(0) Obligation:
Runtime Complexity Relative TRS:
The TRS R consists of the following rules:
mergesort(Cons(x', Cons(x, xs))) → splitmerge(Cons(x', Cons(x, xs)), Nil, Nil)
mergesort(Cons(x, Nil)) → Cons(x, Nil)
merge(Cons(x', xs'), Cons(x, xs)) → merge[Ite](<=(x', x), Cons(x', xs'), Cons(x, xs))
merge(Cons(x, xs), Nil) → Cons(x, xs)
splitmerge(Cons(x, xs), xs1, xs2) → splitmerge(xs, Cons(x, xs2), xs1)
splitmerge(Nil, xs1, xs2) → merge(mergesort(xs1), mergesort(xs2))
mergesort(Nil) → Nil
merge(Nil, xs2) → xs2
notEmpty(Cons(x, xs)) → True
notEmpty(Nil) → False
goal(xs) → mergesort(xs)
The (relative) TRS S consists of the following rules:
<=(S(x), S(y)) → <=(x, y)
<=(0, y) → True
<=(S(x), 0) → False
merge[Ite](False, xs1, Cons(x, xs)) → Cons(x, merge(xs1, xs))

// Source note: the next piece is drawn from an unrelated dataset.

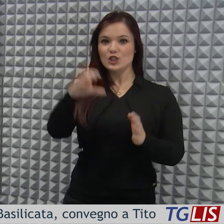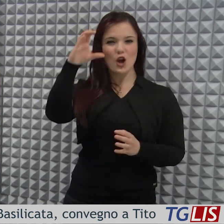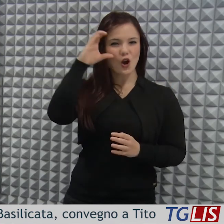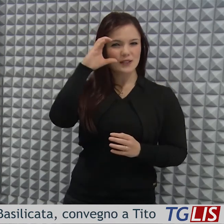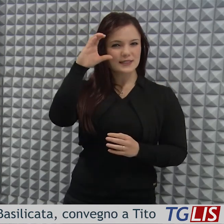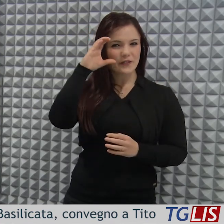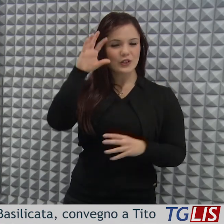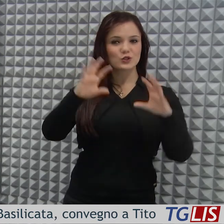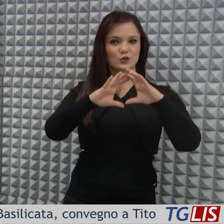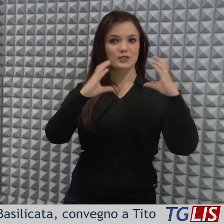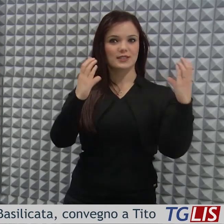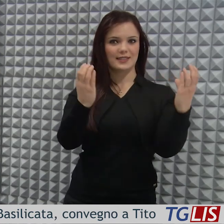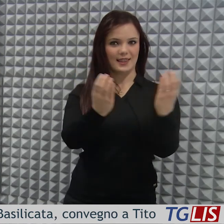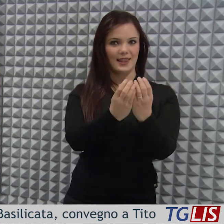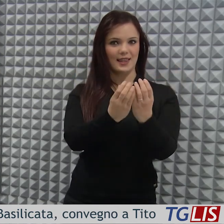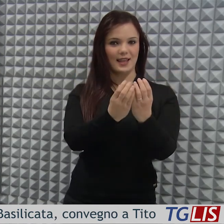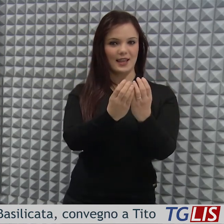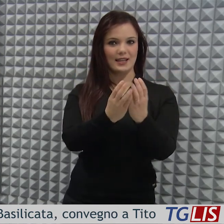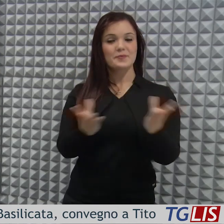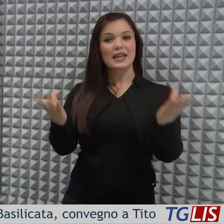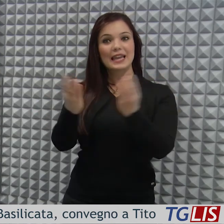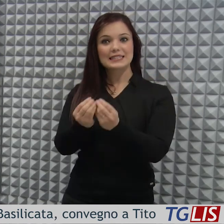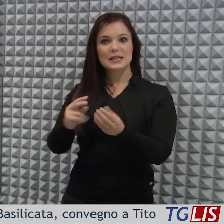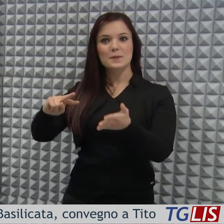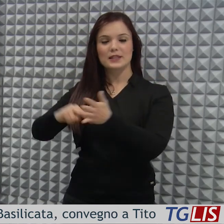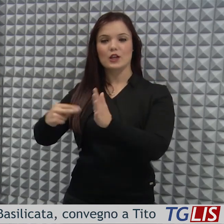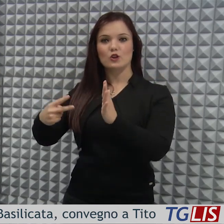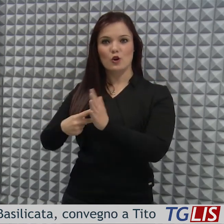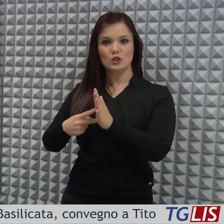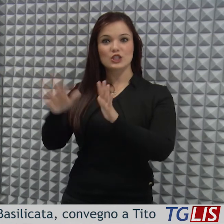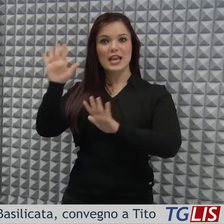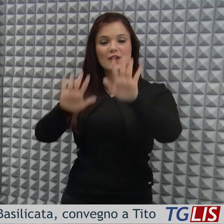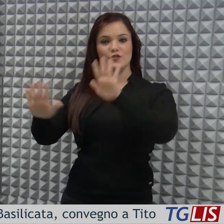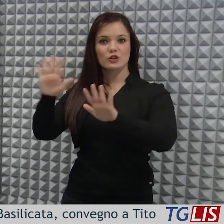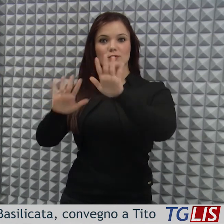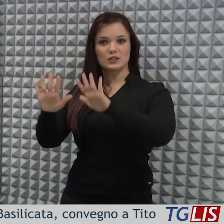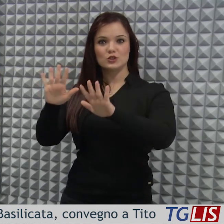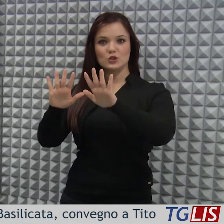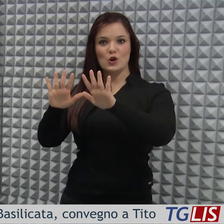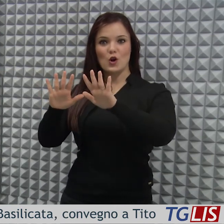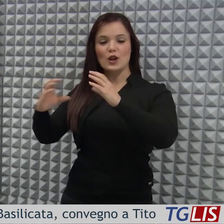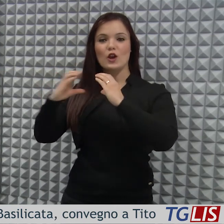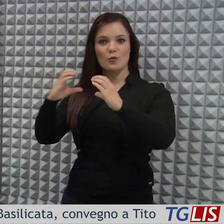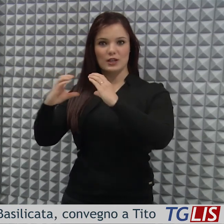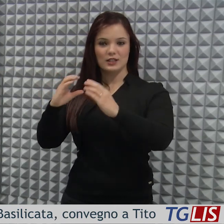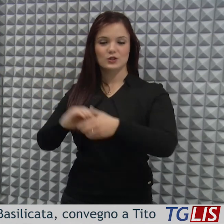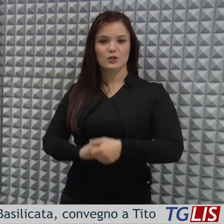osservazioni della Terra con le tecnologie dell'informazione e della comunicazione.

merge[Ite](True, Cons(x, xs), xs2) → Cons(x, merge(xs, xs2))
Rewrite Strategy: INNERMOST
(1) DecreasingLoopProof (EQUIVALENT transformation)
The following loop(s) give(s) rise to the lower bound Ω(n1):
The rewrite sequence
merge(Cons(0, xs'), Cons(x, xs)) →+ Cons(0, merge(xs', Cons(x, xs)))
gives rise to a decreasing loop by considering the right hand sides subterm at position [1].
The pumping substitution is [xs' / Cons(0, xs')].
The result substitution is [ ].
(2) BOUNDS(n^1, INF)